● **Dataset**:
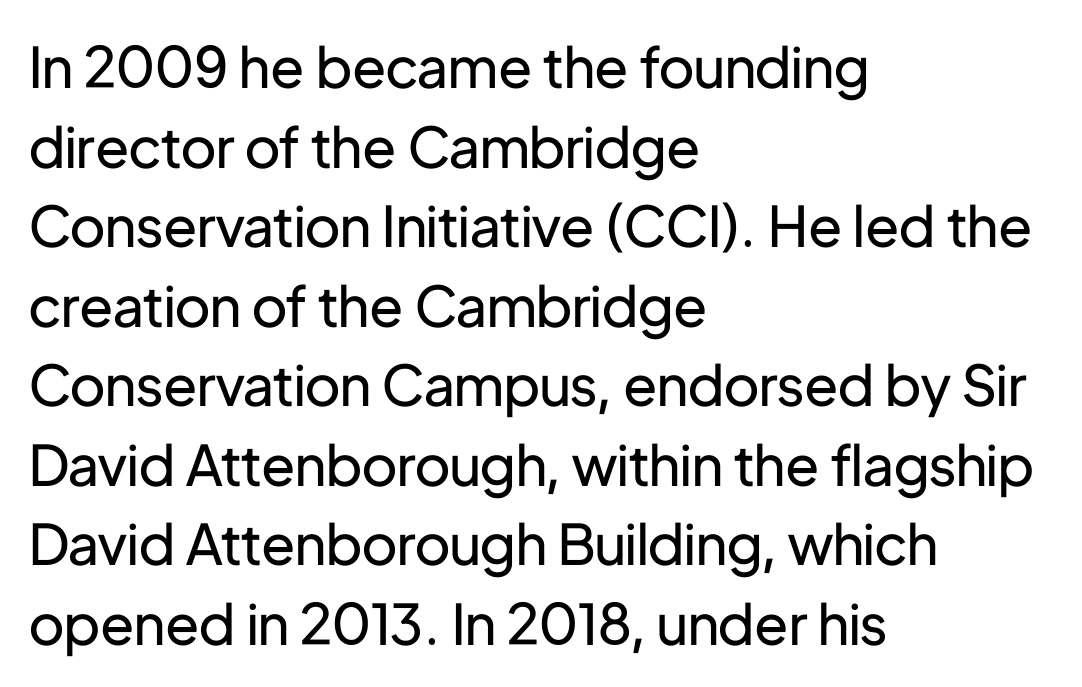
Q: Is the text bold? A: No.
Q: Is the text italic (slanted)? A: No, it is upright.
Q: Is the typeface a serif or a sans-serif typeface? A: Sans-serif.
Q: Is the text underlined? A: No.
Q: How is the paragraph aligned? A: Left-aligned.
Q: Is the spacing between letters normal or unusually wide? A: Normal.
Q: Is the spacing between lines tight, normal or loose? A: Normal.
Q: Width (condensed, normal, or wide)? A: Normal.
Q: Stroke contrast? A: Low.
Q: x-height? A: Medium.
Q: Monospaced? A: No.
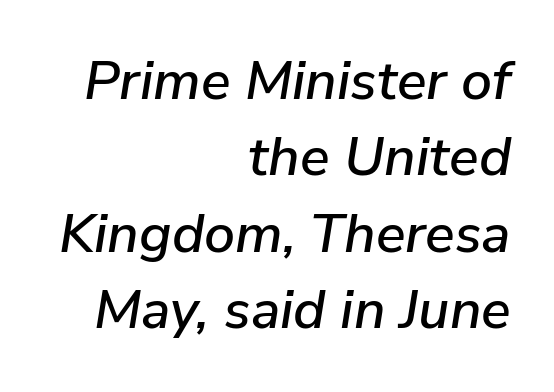
Q: Is the text italic (slanted)? A: Yes, it leans right by about 9 degrees.
Q: Is the text underlined? A: No.
Q: How is the paragraph aligned? A: Right-aligned.
Q: Is the spacing between letters normal or unusually wide? A: Normal.
Q: Is the spacing between lines tight, normal or loose? A: Normal.
Q: Width (condensed, normal, or wide)? A: Normal.
Q: Stroke contrast? A: Low.
Q: x-height? A: Medium.
Q: Monospaced? A: No.
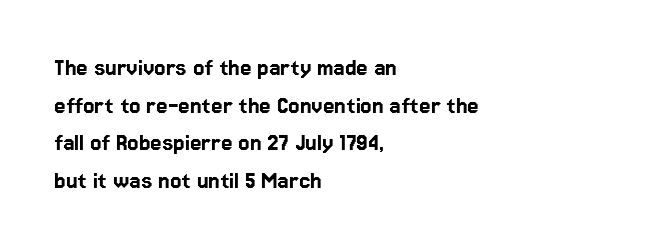
Q: Is the text italic (slanted)? A: No, it is upright.
Q: Is the text underlined? A: No.
Q: How is the paragraph aligned? A: Left-aligned.
Q: Is the spacing between letters normal or unusually wide? A: Normal.
Q: Is the spacing between lines tight, normal or loose? A: Normal.
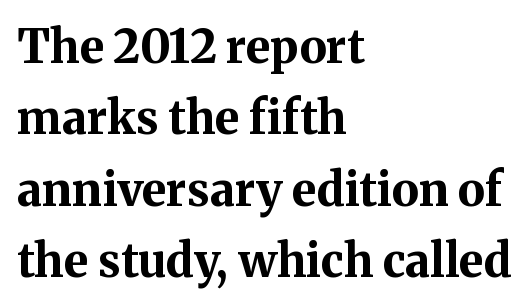
Q: Is the text bold? A: Yes.
Q: Is the text italic (slanted)? A: No, it is upright.
Q: Is the typeface a serif or a sans-serif typeface? A: Serif.
Q: Is the text underlined? A: No.
Q: How is the paragraph aligned? A: Left-aligned.
Q: Is the spacing between letters normal or unusually wide? A: Normal.
Q: Is the spacing between lines tight, normal or loose? A: Normal.
Q: Width (condensed, normal, or wide)? A: Normal.
Q: Stroke contrast? A: Medium.
Q: x-height? A: Medium.
Q: Monospaced? A: No.
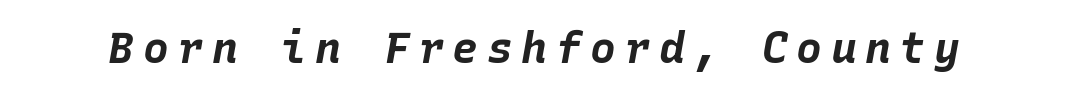
The image shows 43 px bold type, italic (leaning right), monospaced; set unusually wide letter spacing (+0.2 em), not underlined; low stroke contrast and a large x-height.
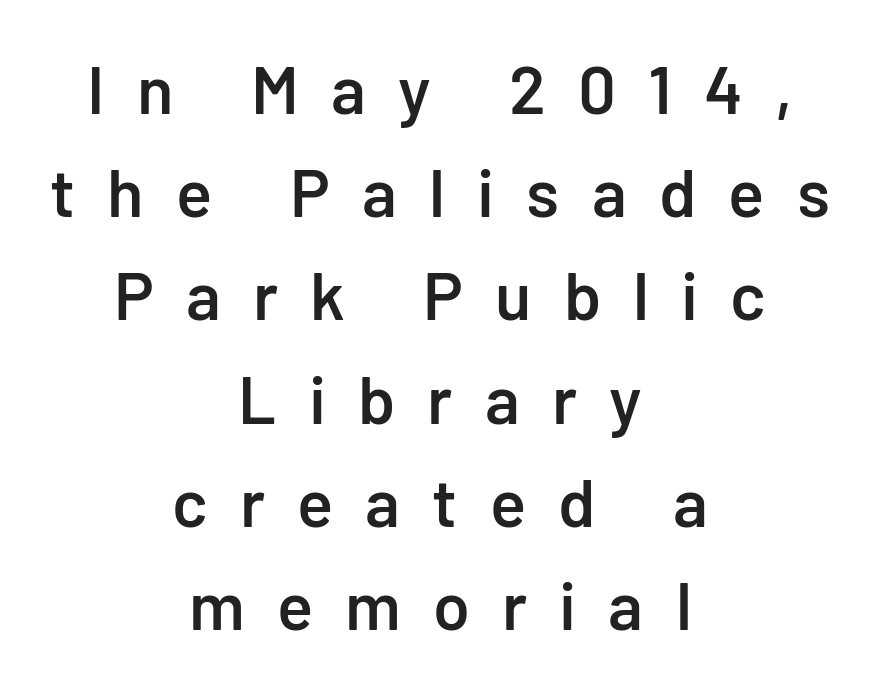
Q: Is the text bold? A: Semi-bold.
Q: Is the text italic (slanted)? A: No, it is upright.
Q: Is the typeface a serif or a sans-serif typeface? A: Sans-serif.
Q: Is the text underlined? A: No.
Q: How is the paragraph aligned? A: Centered.
Q: Is the spacing between letters normal or unusually wide? A: Unusually wide.
Q: Is the spacing between lines tight, normal or loose? A: Normal.
Q: Width (condensed, normal, or wide)? A: Normal.
Q: Stroke contrast? A: Low.
Q: x-height? A: Medium.
Q: Monospaced? A: No.
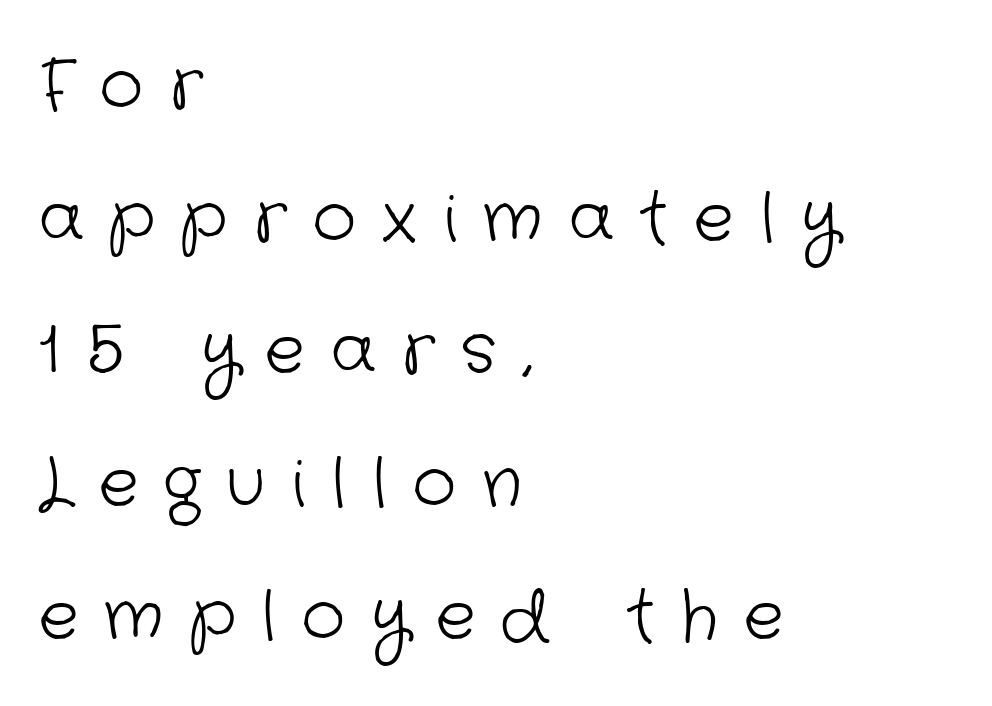
The image shows 67 px light sans-serif type; set left-aligned, loose line spacing (1.98x), unusually wide letter spacing (+0.39 em), not underlined; low stroke contrast and a medium x-height.
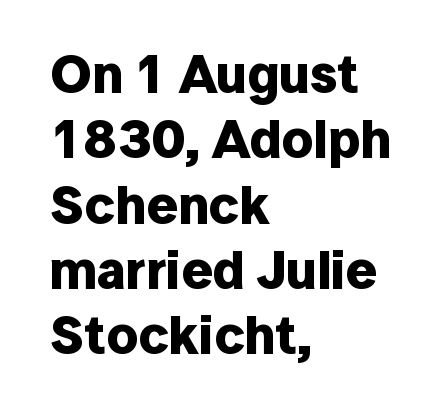
{"serif": "no", "italic": "no", "bold": "yes", "weight": "bold", "width": "normal", "stroke_contrast": "low", "x_height": "medium", "monospaced": "no", "underline": "no", "align": "left", "line_spacing_ratio": 1.21, "letter_spacing": "normal", "letter_spacing_em": 0.0, "glyph_px": 54}
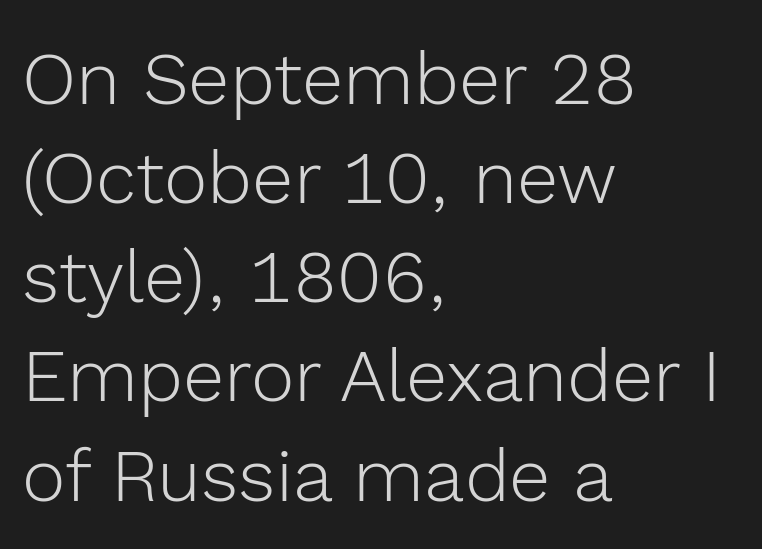
{"serif": "no", "italic": "no", "bold": "no", "weight": "light", "width": "normal", "x_height": "medium", "monospaced": "no", "underline": "no", "align": "left", "line_spacing": "normal", "line_spacing_ratio": 1.34, "letter_spacing": "normal", "letter_spacing_em": 0.0, "glyph_px": 74}
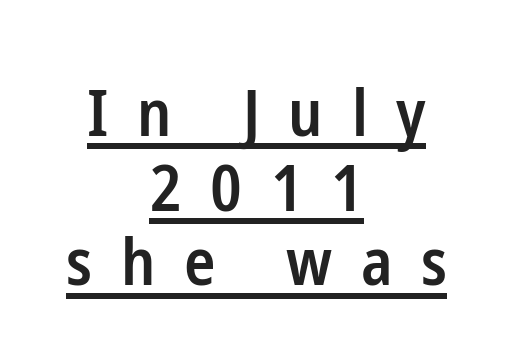
The image shows 65 px semibold, condensed sans-serif type, upright; set centered, tight line spacing (1.15x), unusually wide letter spacing (+0.44 em), underlined; low stroke contrast and a medium x-height.
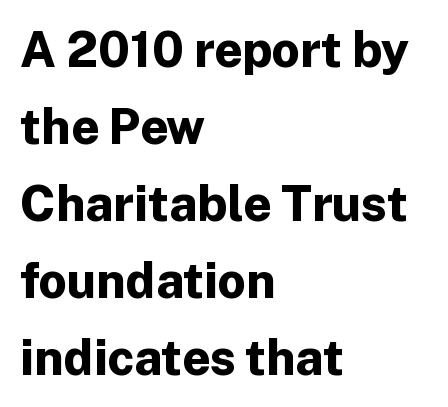
{"serif": "no", "italic": "no", "bold": "yes", "weight": "bold", "width": "normal", "stroke_contrast": "low", "x_height": "medium", "monospaced": "no", "underline": "no", "align": "left", "line_spacing": "normal", "line_spacing_ratio": 1.57, "letter_spacing": "normal", "letter_spacing_em": 0.0, "glyph_px": 49}
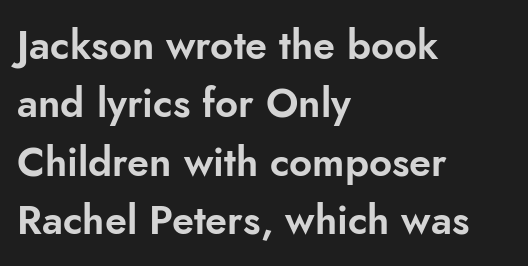
Q: Is the text italic (slanted)? A: No, it is upright.
Q: Is the typeface a serif or a sans-serif typeface? A: Sans-serif.
Q: Is the text underlined? A: No.
Q: How is the paragraph aligned? A: Left-aligned.
Q: Is the spacing between letters normal or unusually wide? A: Normal.
Q: Is the spacing between lines tight, normal or loose? A: Normal.
Q: Width (condensed, normal, or wide)? A: Normal.
Q: Stroke contrast? A: Low.
Q: x-height? A: Small.
Q: Monospaced? A: No.
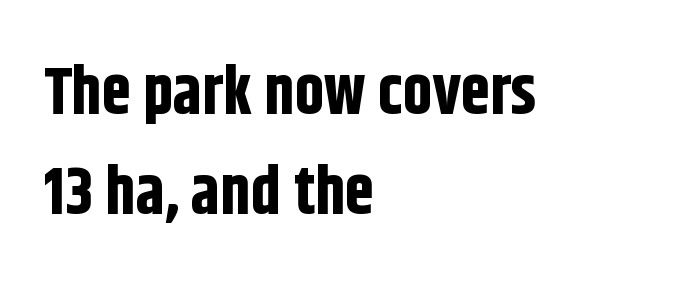
Q: Is the text bold? A: Yes.
Q: Is the text italic (slanted)? A: No, it is upright.
Q: Is the typeface a serif or a sans-serif typeface? A: Sans-serif.
Q: Is the text underlined? A: No.
Q: How is the paragraph aligned? A: Left-aligned.
Q: Is the spacing between letters normal or unusually wide? A: Normal.
Q: Is the spacing between lines tight, normal or loose? A: Normal.
Q: Width (condensed, normal, or wide)? A: Condensed.
Q: Stroke contrast? A: Low.
Q: x-height? A: Large.
Q: Monospaced? A: No.
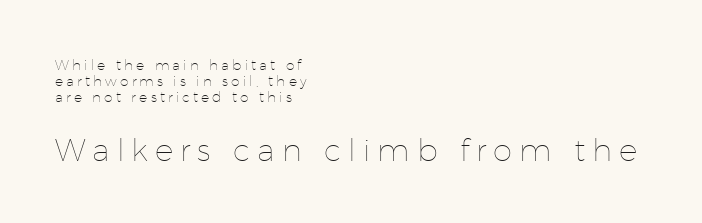
Rendered with straight, roman letterforms. There is plenty of visible air inserted between adjacent glyphs. No chunkiness to these letters — they're not bold. Is this a fixed-width face? No — the glyphs have proportional, varying widths.
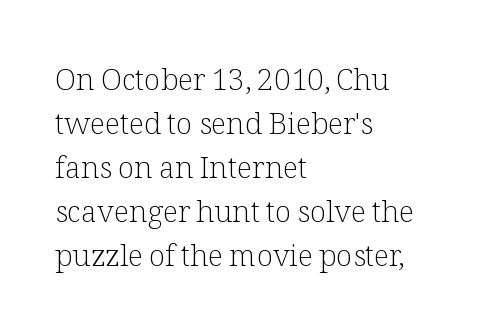
Q: Is the text bold? A: No.
Q: Is the text italic (slanted)? A: No, it is upright.
Q: Is the typeface a serif or a sans-serif typeface? A: Serif.
Q: Is the text underlined? A: No.
Q: How is the paragraph aligned? A: Left-aligned.
Q: Is the spacing between letters normal or unusually wide? A: Normal.
Q: Is the spacing between lines tight, normal or loose? A: Normal.
Q: Width (condensed, normal, or wide)? A: Normal.
Q: Stroke contrast? A: Low.
Q: x-height? A: Medium.
Q: Monospaced? A: No.
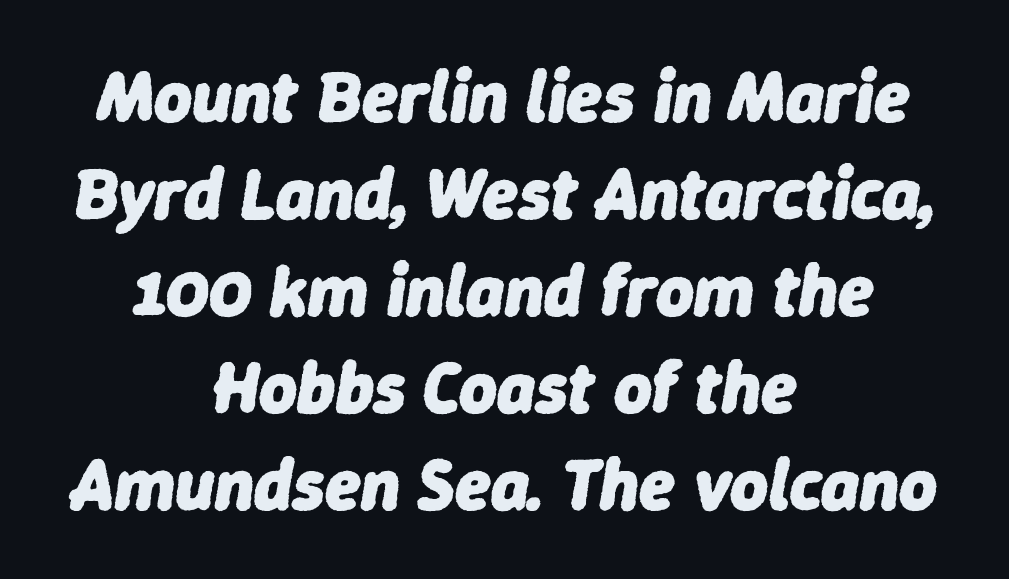
{"italic": "yes", "lean": "right", "slant_degrees": 9, "bold": "yes", "weight": "heavy", "width": "normal", "stroke_contrast": "low", "x_height": "medium", "monospaced": "no", "underline": "no", "align": "center", "line_spacing": "normal", "line_spacing_ratio": 1.33, "letter_spacing": "normal", "letter_spacing_em": 0.0, "glyph_px": 73}
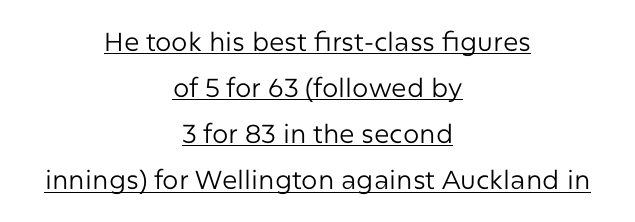
The image shows 26 px text type, upright; set centered, line spacing 1.77x, normal letter spacing, underlined.
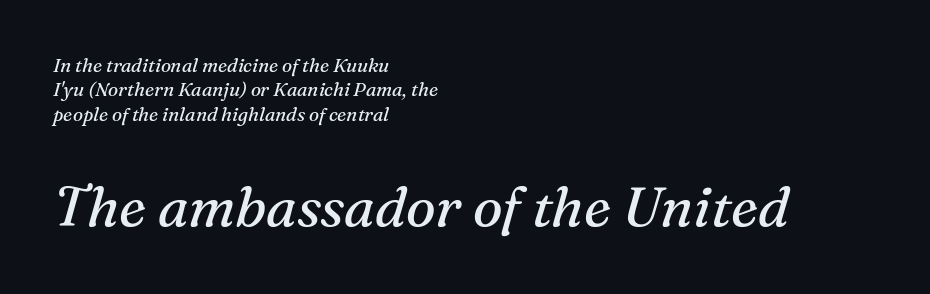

● **Exercise**: In the copy, include every record exactly and no pictures.

● **Task output**:
Q: Is the text bold? A: No.
Q: Is the text italic (slanted)? A: No, it is upright.
Q: Is the typeface a serif or a sans-serif typeface? A: Sans-serif.
Q: Is the text underlined? A: No.
Q: How is the paragraph aligned? A: Left-aligned.
Q: Is the spacing between letters normal or unusually wide? A: Normal.
Q: Is the spacing between lines tight, normal or loose? A: Normal.
Q: Width (condensed, normal, or wide)? A: Normal.
Q: Stroke contrast? A: Low.
Q: x-height? A: Medium.
Q: Monospaced? A: No.
Q: Is the text italic (slanted)? A: Yes, it leans right by about 9 degrees.
Q: Is the text underlined? A: No.
Q: How is the paragraph aligned? A: Right-aligned.
Q: Is the spacing between letters normal or unusually wide? A: Normal.
Q: Is the spacing between lines tight, normal or loose? A: Normal.
Q: Width (condensed, normal, or wide)? A: Normal.
Q: Stroke contrast? A: Low.
Q: x-height? A: Medium.
Q: Monospaced? A: No.
Q: Is the text italic (slanted)? A: No, it is upright.
Q: Is the text underlined? A: No.
Q: How is the paragraph aligned? A: Left-aligned.
Q: Is the spacing between letters normal or unusually wide? A: Normal.
Q: Is the spacing between lines tight, normal or loose? A: Normal.
Q: Is the text bold? A: Yes.
Q: Is the text italic (slanted)? A: No, it is upright.
Q: Is the typeface a serif or a sans-serif typeface? A: Serif.
Q: Is the text underlined? A: No.
Q: How is the paragraph aligned? A: Left-aligned.
Q: Is the spacing between letters normal or unusually wide? A: Normal.
Q: Is the spacing between lines tight, normal or loose? A: Normal.
Q: Width (condensed, normal, or wide)? A: Normal.
Q: Stroke contrast? A: Medium.
Q: x-height? A: Medium.
Q: Monospaced? A: No.
The image shows 43 px bold type, italic (leaning right), monospaced; set unusually wide letter spacing (+0.2 em), not underlined; low stroke contrast and a large x-height.
Q: Is the text bold? A: Semi-bold.
Q: Is the text italic (slanted)? A: No, it is upright.
Q: Is the typeface a serif or a sans-serif typeface? A: Sans-serif.
Q: Is the text underlined? A: No.
Q: How is the paragraph aligned? A: Centered.
Q: Is the spacing between letters normal or unusually wide? A: Unusually wide.
Q: Is the spacing between lines tight, normal or loose? A: Normal.
Q: Width (condensed, normal, or wide)? A: Normal.
Q: Stroke contrast? A: Low.
Q: x-height? A: Medium.
Q: Monospaced? A: No.
The image shows 67 px light sans-serif type; set left-aligned, loose line spacing (1.98x), unusually wide letter spacing (+0.39 em), not underlined; low stroke contrast and a medium x-height.
{"serif": "no", "italic": "no", "bold": "yes", "weight": "bold", "width": "normal", "stroke_contrast": "low", "x_height": "medium", "monospaced": "no", "underline": "no", "align": "left", "line_spacing_ratio": 1.21, "letter_spacing": "normal", "letter_spacing_em": 0.0, "glyph_px": 54}
{"serif": "no", "italic": "no", "bold": "no", "weight": "light", "width": "normal", "x_height": "medium", "monospaced": "no", "underline": "no", "align": "left", "line_spacing": "normal", "line_spacing_ratio": 1.34, "letter_spacing": "normal", "letter_spacing_em": 0.0, "glyph_px": 74}
The image shows 65 px semibold, condensed sans-serif type, upright; set centered, tight line spacing (1.15x), unusually wide letter spacing (+0.44 em), underlined; low stroke contrast and a medium x-height.
{"serif": "no", "italic": "no", "bold": "yes", "weight": "bold", "width": "normal", "stroke_contrast": "low", "x_height": "medium", "monospaced": "no", "underline": "no", "align": "left", "line_spacing": "normal", "line_spacing_ratio": 1.57, "letter_spacing": "normal", "letter_spacing_em": 0.0, "glyph_px": 49}
Q: Is the text italic (slanted)? A: No, it is upright.
Q: Is the typeface a serif or a sans-serif typeface? A: Sans-serif.
Q: Is the text underlined? A: No.
Q: How is the paragraph aligned? A: Left-aligned.
Q: Is the spacing between letters normal or unusually wide? A: Normal.
Q: Is the spacing between lines tight, normal or loose? A: Normal.
Q: Width (condensed, normal, or wide)? A: Normal.
Q: Stroke contrast? A: Low.
Q: x-height? A: Small.
Q: Monospaced? A: No.
Q: Is the text bold? A: Yes.
Q: Is the text italic (slanted)? A: No, it is upright.
Q: Is the typeface a serif or a sans-serif typeface? A: Sans-serif.
Q: Is the text underlined? A: No.
Q: How is the paragraph aligned? A: Left-aligned.
Q: Is the spacing between letters normal or unusually wide? A: Normal.
Q: Is the spacing between lines tight, normal or loose? A: Normal.
Q: Width (condensed, normal, or wide)? A: Condensed.
Q: Stroke contrast? A: Low.
Q: x-height? A: Large.
Q: Monospaced? A: No.
Rendered with straight, roman letterforms. There is plenty of visible air inserted between adjacent glyphs. No chunkiness to these letters — they're not bold. Is this a fixed-width face? No — the glyphs have proportional, varying widths.
Q: Is the text bold? A: No.
Q: Is the text italic (slanted)? A: No, it is upright.
Q: Is the typeface a serif or a sans-serif typeface? A: Serif.
Q: Is the text underlined? A: No.
Q: How is the paragraph aligned? A: Left-aligned.
Q: Is the spacing between letters normal or unusually wide? A: Normal.
Q: Is the spacing between lines tight, normal or loose? A: Normal.
Q: Width (condensed, normal, or wide)? A: Normal.
Q: Stroke contrast? A: Low.
Q: x-height? A: Medium.
Q: Monospaced? A: No.
{"italic": "yes", "lean": "right", "slant_degrees": 9, "bold": "yes", "weight": "heavy", "width": "normal", "stroke_contrast": "low", "x_height": "medium", "monospaced": "no", "underline": "no", "align": "center", "line_spacing": "normal", "line_spacing_ratio": 1.33, "letter_spacing": "normal", "letter_spacing_em": 0.0, "glyph_px": 73}
The image shows 26 px text type, upright; set centered, line spacing 1.77x, normal letter spacing, underlined.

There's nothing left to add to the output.